We are all familiar with SPAM email messages. Ultimately, we would like to be able to use statistics to
classify new email messages as SPAM or HAM (valid mail). There are many statistical techniques we could
use. But before we can use them we need “data”. Each message is an observation. We need to “measure”
variables on each message in a sample of email messages. We also need to know if a message is SPAM or
HAM. We can then train a statistical classifier using these variables to predict if a new message is SPAM or
HAM.
In this assignment, you will create a data.frame from a set of email messages. Each row corresponds to an
email message and will contain 16 or more variables derived from that message. One variable is whether
it is actually HAM or SPAM which can be derived from the name of the folder in which the message is
located.
The data we use come from the Spam Assassin project. The specific data you are to work with is available
on Canvas1
Your job is to process each email message
• to a structure (list) that contains the header, the body and any attachments (each of which will also
have a header and a body)
• create an R data frame of “derived” variables that give various measures of the email messages
• explore the data to see which variables help to discriminate between SPAM and HAM messages using
plots and numerical summaries
These derived variables might be, for example, the number of recipients to whom the mail was sent, the
percentage of capital words in the body of the text, is the message a reply to another message. See below for
a list of 25 possible variables. You are to write code to compute at least 15 of these and whether the message
is SPAM or HAM.
Many of the variables can be computed using similar approaches. For the most part, you should use regular
expressions rather than using strsplit to break the strings into individual characters.
You are very welcome to define new variables that you can compute from each email message that you think
will help to classify it as SPAM or HAM. Clearly state the meaning and specifics of the variable, why you
think it might be useful in classifying HAM or SPAM emails, and then show the code to compute it.
1
https://canvas.ucdavis.edu/files/10090382/download
1
Once you have this data frame of “derived” variables, explore the relationships among these variables and
especially how they might be used to classify SPAM and HAM messages. In other words, look at frequency
tables and scatterplots of the variables and color code the points based on if the message is SPAM or HAM.
Which variables seem to do best at discriminating between SPAM and HAM messages?

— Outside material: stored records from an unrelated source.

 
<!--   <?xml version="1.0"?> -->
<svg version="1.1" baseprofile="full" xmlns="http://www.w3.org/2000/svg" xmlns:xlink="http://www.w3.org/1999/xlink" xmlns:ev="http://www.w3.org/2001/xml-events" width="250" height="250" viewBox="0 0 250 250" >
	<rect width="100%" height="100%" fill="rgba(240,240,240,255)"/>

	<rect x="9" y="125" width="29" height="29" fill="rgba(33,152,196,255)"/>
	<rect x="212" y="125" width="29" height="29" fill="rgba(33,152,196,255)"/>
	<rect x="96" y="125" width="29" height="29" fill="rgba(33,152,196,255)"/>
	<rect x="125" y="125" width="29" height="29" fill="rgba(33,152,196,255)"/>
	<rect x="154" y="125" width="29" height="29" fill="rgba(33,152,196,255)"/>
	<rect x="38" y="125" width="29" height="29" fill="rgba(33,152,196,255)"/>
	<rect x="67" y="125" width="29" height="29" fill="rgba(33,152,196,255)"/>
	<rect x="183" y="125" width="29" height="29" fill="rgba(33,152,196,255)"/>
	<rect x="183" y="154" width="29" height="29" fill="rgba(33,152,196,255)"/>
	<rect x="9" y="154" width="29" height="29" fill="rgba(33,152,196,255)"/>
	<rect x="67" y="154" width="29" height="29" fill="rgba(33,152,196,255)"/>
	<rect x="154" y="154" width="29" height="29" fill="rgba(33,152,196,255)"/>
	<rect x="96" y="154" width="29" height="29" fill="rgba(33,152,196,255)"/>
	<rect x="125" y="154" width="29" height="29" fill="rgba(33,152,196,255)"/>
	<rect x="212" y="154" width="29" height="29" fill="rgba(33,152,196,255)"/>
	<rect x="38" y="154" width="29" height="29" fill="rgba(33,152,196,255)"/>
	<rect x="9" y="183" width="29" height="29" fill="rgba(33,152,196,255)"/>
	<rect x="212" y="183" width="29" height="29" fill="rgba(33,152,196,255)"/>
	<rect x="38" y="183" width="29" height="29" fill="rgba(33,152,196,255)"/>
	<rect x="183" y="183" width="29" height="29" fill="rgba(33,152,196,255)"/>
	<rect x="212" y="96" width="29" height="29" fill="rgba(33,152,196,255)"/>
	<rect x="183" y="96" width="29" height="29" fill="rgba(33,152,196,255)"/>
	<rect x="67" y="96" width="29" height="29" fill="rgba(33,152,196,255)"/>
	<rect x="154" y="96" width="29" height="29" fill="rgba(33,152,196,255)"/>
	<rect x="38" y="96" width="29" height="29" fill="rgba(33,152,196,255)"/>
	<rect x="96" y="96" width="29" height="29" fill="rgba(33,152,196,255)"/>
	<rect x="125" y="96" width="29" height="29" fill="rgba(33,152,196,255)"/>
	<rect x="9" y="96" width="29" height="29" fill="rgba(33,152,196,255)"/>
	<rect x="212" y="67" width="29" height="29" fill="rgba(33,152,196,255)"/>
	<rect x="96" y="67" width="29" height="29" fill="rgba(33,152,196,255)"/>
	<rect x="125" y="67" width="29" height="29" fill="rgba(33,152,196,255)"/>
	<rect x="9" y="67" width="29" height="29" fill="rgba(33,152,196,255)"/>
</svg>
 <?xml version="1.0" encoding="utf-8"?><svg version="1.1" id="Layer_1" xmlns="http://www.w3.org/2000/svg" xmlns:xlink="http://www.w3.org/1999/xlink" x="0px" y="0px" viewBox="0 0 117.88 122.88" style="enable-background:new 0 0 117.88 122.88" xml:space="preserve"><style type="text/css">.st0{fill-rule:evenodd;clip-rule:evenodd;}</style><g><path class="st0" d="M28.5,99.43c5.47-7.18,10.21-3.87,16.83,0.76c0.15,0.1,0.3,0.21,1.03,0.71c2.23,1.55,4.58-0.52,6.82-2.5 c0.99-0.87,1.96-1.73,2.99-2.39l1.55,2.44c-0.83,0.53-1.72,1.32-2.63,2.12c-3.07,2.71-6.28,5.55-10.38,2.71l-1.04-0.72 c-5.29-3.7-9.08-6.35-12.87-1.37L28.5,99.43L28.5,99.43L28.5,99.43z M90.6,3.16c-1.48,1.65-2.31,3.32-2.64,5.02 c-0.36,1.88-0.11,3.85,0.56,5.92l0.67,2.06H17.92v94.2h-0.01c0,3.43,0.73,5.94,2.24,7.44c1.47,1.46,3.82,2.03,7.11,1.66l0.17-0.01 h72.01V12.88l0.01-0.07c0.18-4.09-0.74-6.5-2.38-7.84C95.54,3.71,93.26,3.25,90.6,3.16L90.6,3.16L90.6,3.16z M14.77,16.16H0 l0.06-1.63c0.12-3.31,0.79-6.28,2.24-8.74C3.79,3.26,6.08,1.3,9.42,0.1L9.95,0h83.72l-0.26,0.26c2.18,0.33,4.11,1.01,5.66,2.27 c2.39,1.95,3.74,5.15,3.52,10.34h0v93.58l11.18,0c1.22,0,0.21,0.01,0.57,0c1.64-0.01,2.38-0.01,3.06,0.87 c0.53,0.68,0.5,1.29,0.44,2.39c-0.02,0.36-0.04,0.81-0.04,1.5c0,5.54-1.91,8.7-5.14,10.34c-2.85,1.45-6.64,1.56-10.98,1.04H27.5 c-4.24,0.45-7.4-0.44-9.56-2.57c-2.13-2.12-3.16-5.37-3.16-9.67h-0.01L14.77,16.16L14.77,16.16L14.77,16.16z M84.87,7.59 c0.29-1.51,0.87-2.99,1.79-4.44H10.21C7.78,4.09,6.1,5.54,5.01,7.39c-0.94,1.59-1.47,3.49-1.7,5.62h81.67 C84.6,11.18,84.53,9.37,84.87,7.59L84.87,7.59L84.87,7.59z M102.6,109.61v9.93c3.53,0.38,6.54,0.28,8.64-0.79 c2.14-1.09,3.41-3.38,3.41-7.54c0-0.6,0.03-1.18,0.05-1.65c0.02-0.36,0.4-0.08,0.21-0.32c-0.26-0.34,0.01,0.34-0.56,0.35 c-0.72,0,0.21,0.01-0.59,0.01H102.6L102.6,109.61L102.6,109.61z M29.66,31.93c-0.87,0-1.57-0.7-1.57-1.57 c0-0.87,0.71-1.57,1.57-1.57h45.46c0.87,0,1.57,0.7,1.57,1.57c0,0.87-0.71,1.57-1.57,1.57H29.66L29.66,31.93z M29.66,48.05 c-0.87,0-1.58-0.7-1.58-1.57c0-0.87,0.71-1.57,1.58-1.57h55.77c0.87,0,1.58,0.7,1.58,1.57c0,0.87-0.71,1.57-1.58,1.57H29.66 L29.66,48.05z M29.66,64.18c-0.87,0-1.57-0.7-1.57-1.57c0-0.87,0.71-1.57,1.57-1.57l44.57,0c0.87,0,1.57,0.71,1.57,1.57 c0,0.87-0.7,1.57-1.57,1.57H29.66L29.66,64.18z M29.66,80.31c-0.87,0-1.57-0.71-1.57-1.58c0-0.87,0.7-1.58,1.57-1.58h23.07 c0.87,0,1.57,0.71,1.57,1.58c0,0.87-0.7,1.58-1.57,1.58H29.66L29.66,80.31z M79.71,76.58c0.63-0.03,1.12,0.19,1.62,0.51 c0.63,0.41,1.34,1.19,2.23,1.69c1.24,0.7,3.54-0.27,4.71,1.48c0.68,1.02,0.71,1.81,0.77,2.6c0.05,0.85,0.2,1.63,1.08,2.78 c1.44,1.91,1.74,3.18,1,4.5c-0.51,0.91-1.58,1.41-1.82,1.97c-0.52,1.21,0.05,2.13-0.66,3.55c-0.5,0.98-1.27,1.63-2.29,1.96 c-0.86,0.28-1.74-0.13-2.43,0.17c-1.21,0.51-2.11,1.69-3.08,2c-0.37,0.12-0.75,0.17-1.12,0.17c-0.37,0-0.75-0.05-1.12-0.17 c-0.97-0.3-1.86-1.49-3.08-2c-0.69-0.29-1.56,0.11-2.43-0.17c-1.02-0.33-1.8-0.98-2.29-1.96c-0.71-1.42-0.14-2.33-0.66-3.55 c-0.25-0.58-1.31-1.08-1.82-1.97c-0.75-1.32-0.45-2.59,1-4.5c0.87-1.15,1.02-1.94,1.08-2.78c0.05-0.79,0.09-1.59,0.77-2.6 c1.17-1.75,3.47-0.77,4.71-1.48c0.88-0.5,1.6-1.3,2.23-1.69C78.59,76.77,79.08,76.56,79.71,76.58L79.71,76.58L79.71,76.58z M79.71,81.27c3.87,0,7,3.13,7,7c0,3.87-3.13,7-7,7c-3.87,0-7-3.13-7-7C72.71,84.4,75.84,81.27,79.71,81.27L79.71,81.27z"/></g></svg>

Your report should be similar in structure to the first assignment in that it has two primary sections:
• describe the computational approach and high- and intermediate-level details of how you implemented
this approach.
• explore the data and interpret them in the context of
Submit both the report (as a PDF document) and the R scripts for creating the data.frame and for exploring
the data, and, importantly, the R files containing functions you write and use in the script(s).
Some functions you might find useful include: grep, gsub, gregexpr, substring, nchar, strsplit.
sprintf, paste.
read.dcf.
table, plot, scatter.smooth, hexbin.
1 The Anatomy of an E-mail message
Electronic mail, usually called e-mail, consists of simple text messages – a piece of text sent to a recipient
via the internet. An e-mail message consists of two parts, the header and the body. The body of the e-mail
message is separated from the header by a single blank line. When an attachment is added to an e-mail
message, the attachment is included in the body of the message. Even with attachments, e-mail messages
are still only text messages.
1.1 The E-mail Header
The header contains information about the message such as the sender’s address, the recipient’s address, and
the date of transmission. This information is relayed in a special format that consists of KEY:VALUE pairs.
Below is a sample header from a message found on the SpamAssassin website.
Return-Path: whisper@oz.net
Delivery-Date: Fri Sep 6 20:53:36 2002
From: whisper@oz.net (David LeBlanc)
Date: Fri, 6 Sep 2002 12:53:36 -0700
Subject: [Spambayes] Deployment
In-Reply-To: